The Motherhood offers a window into the crushing reality of sleep-deprivation and the incredible highs of loving a new human.
Paying it Forward
Jamila says the catalyst for the book was a visit from friend (and Australian musician, actor, radio presenter, and business entrepreneur) Clare Bowditch, not long after the birth of her son Rafi in 2015.
She went from working in a busy office connected to her staff and team, to feeling isolated at home with a newborn.
“There’s a point around 2 to 3 in the morning when you’re up breastfeeding in a dark room when you genuinely feel like you are the only people in the world. For some people that can feel very loving and special, and for others it can be isolating as it was for me,” Jamila recalls.
“One day Clare rocked around with her kids and helped me clean up and had a cuddle and headed off. After heading off she sent me a text message. It was so long, it was one that went over two pages. It was like an essay.
“She reassured me about so much of what I was feeling. That what I was feeling was normal and valid, that it was okay to be upset and scared and that didn’t mean that I loved my baby any less and I was going to be any less of a good mother.
“She really told me what I needed to hear in that moment and gave me some confidence that I was doing okay and that I would find that happy contented life again.
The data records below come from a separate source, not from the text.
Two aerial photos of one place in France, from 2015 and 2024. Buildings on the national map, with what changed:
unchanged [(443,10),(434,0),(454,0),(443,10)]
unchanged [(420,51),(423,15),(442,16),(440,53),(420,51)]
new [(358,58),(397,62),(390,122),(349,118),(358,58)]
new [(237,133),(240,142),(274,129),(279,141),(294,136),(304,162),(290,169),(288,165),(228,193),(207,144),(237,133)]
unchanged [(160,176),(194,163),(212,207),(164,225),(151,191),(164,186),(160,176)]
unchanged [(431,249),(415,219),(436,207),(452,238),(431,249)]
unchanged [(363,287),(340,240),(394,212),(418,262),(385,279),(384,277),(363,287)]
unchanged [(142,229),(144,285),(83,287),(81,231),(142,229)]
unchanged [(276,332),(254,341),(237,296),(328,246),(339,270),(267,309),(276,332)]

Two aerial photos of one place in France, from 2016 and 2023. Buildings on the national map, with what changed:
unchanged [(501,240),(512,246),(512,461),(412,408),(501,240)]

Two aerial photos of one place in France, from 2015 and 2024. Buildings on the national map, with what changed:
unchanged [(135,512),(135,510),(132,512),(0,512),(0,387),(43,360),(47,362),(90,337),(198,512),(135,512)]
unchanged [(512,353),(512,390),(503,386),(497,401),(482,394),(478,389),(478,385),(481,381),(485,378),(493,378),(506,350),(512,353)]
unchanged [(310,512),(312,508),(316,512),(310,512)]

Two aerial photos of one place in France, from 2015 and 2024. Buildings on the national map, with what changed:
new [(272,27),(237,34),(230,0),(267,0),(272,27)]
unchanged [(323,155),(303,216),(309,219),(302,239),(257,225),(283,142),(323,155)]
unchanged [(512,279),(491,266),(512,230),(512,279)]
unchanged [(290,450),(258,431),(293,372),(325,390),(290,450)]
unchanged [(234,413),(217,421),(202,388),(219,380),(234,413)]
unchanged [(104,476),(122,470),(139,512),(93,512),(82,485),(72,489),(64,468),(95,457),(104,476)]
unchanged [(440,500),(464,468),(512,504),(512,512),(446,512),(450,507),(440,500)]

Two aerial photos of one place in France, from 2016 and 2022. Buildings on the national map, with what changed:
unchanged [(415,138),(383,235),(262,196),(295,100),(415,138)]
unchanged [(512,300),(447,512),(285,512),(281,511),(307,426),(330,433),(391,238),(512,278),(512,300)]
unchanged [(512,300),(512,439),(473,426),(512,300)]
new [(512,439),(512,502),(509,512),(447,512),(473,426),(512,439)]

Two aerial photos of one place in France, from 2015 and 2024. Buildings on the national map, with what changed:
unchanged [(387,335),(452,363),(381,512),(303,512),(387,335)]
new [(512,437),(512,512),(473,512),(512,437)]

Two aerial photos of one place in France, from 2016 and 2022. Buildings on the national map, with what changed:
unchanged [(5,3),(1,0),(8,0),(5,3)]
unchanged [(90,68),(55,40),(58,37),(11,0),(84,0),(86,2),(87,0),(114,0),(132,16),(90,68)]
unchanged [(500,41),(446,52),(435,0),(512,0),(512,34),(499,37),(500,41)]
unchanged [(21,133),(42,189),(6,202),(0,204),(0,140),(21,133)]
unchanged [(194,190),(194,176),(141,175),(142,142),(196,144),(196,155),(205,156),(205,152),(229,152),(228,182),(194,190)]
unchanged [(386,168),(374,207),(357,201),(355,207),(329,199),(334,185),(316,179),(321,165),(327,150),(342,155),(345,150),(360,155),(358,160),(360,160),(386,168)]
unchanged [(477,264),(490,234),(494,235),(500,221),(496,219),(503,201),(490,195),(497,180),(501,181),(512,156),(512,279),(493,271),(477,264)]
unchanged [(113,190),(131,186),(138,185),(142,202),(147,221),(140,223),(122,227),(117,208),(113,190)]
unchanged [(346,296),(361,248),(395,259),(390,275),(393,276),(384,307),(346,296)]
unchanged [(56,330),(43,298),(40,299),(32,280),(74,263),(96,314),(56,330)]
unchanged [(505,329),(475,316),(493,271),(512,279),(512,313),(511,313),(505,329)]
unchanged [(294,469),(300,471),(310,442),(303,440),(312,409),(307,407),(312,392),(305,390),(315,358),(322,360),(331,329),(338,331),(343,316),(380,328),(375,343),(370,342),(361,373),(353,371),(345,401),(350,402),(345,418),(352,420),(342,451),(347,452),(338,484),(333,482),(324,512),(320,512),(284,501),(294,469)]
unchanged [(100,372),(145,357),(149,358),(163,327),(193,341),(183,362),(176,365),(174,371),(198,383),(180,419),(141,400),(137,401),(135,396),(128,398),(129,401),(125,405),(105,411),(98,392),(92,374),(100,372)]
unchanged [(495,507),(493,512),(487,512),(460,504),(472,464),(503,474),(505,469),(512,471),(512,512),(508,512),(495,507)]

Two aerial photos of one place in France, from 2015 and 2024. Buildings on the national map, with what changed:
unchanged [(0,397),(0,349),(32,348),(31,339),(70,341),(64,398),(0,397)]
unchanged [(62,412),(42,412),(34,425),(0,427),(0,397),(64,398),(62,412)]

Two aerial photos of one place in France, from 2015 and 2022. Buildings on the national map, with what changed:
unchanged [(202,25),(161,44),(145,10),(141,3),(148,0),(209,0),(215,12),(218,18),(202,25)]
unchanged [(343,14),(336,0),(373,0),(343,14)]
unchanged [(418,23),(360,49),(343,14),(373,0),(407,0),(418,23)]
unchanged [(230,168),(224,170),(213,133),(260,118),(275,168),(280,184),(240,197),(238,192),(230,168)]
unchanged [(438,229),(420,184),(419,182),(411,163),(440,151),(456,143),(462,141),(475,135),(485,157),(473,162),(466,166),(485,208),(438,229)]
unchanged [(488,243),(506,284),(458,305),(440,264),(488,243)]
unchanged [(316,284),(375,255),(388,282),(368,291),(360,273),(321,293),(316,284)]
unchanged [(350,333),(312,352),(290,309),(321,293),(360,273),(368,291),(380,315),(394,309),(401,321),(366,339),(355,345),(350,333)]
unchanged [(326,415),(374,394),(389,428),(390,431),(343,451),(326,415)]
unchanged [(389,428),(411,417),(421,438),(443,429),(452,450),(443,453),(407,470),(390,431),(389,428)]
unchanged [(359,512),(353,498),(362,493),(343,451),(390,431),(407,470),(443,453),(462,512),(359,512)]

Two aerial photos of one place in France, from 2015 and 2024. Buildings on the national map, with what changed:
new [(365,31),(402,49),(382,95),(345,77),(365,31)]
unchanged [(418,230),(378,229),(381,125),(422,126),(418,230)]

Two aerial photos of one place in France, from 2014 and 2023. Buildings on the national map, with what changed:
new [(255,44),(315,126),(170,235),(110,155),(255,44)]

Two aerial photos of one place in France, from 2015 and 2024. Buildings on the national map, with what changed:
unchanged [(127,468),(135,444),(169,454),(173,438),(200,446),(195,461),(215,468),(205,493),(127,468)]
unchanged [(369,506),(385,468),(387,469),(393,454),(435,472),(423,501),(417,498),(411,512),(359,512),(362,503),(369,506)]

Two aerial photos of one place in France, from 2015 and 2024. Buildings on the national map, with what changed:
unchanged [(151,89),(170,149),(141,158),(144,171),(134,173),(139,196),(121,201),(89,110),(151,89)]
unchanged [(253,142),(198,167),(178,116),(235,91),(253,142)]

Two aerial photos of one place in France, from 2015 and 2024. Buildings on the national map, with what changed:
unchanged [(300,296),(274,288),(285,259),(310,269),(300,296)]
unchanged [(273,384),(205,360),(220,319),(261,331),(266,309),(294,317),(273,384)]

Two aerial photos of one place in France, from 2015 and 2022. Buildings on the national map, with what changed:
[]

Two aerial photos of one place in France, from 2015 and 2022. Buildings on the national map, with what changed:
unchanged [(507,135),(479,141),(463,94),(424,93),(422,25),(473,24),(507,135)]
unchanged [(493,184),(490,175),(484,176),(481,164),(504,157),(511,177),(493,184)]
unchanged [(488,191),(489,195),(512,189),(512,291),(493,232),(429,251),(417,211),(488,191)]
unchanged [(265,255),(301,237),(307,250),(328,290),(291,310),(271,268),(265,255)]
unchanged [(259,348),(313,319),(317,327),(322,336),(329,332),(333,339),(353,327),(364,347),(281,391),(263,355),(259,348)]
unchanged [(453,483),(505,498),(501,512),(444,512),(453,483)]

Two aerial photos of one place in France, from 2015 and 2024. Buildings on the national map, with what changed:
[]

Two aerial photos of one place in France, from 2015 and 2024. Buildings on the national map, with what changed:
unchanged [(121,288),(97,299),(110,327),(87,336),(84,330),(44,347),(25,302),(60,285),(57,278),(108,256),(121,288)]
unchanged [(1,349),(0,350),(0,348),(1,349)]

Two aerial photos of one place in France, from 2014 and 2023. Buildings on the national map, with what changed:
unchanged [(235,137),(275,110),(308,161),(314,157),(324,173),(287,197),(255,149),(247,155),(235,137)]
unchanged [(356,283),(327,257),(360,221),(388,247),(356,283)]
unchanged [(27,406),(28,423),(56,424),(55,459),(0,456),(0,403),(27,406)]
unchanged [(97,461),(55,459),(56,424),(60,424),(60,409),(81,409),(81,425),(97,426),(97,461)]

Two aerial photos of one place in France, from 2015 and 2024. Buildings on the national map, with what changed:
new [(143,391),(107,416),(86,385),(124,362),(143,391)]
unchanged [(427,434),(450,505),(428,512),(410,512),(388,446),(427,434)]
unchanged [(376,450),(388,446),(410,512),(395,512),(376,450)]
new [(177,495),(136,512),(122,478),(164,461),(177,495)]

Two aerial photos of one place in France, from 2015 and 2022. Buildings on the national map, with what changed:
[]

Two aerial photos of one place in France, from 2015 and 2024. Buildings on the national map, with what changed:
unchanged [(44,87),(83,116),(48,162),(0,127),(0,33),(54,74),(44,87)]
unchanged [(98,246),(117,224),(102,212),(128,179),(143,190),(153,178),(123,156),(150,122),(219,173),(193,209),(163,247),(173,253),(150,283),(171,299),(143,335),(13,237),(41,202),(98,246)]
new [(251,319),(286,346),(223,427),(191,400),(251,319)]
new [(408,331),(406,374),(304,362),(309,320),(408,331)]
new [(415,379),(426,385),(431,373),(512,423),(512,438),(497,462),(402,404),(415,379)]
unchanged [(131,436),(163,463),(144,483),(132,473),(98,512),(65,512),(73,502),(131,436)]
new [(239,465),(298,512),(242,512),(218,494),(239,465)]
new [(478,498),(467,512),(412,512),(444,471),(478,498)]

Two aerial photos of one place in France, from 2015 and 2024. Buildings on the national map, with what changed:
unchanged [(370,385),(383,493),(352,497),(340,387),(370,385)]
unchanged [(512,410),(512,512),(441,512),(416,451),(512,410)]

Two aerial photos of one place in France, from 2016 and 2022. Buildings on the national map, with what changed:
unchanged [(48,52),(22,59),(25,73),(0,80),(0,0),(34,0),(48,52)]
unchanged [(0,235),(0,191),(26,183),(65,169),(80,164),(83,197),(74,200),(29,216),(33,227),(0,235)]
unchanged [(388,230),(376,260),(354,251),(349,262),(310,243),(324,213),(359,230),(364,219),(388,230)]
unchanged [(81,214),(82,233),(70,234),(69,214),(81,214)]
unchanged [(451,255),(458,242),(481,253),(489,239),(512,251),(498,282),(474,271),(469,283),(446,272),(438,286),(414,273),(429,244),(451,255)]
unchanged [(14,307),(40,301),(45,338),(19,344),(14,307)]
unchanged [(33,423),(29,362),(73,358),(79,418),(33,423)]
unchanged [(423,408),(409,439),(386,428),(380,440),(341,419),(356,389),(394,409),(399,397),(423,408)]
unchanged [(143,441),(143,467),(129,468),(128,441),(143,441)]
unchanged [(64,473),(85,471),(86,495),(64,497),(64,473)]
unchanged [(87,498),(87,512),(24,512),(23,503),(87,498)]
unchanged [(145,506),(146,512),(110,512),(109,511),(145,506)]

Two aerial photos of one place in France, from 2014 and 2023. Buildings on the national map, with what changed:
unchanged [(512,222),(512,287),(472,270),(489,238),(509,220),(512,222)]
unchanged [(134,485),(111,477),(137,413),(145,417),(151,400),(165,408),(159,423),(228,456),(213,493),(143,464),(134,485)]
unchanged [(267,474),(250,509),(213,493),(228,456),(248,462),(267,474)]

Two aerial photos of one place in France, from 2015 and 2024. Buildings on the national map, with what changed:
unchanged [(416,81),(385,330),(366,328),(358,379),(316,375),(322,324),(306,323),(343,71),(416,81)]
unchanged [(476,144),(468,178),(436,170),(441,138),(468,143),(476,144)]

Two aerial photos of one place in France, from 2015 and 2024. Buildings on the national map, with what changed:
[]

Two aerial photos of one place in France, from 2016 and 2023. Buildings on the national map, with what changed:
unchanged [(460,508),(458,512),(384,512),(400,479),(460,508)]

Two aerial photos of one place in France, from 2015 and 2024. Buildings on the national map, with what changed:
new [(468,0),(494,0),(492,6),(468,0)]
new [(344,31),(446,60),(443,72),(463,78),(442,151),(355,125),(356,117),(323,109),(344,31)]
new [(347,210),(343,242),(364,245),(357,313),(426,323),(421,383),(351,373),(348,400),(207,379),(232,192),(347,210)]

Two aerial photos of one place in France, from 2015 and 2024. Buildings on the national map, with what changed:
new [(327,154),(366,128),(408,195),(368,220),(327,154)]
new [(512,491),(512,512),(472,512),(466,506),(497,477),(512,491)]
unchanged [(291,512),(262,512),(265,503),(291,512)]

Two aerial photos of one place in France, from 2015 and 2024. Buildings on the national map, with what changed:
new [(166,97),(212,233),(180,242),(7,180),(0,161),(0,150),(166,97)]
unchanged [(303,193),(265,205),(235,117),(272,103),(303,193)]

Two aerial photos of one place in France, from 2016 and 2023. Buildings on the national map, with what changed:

“There is something particularly powerful about letters. I think they are so incredibly intimate. You can refer back to them - not like a telephone conversation that is gone in an instant. You can return to them for reassurance.
“I decided that I wanted to pay that forward and talk about my own experience to help new mothers. I was very aware their experiences vary greatly, but that my experience would be useful to some women, but not others.”
The diversity of experiences
Jamila says it’s important that women share their stories as their experiences are so vastly different.
Reaching out to women she knew and others that she admired and believed had interesting stories to tell, Jamila says she was overwhelmed by how many people said yes.
She says her request tapped into a genuine desire to pay it forward when it comes to new motherhood.
“I asked 32 women to contribute to this book so I could put together a range of experiences.
“I wanted the book to be diverse. It was quite deliberate that the book was as inclusive as possible. I wanted to make sure everyone felt respected and their experience was represented.”
The book contains stories of multiple births, caesarean sections, those who breastfed and those who didn’t, culturally diverse experiences, mothers and children with disabilities, nuclear families, single parent families and same sex families.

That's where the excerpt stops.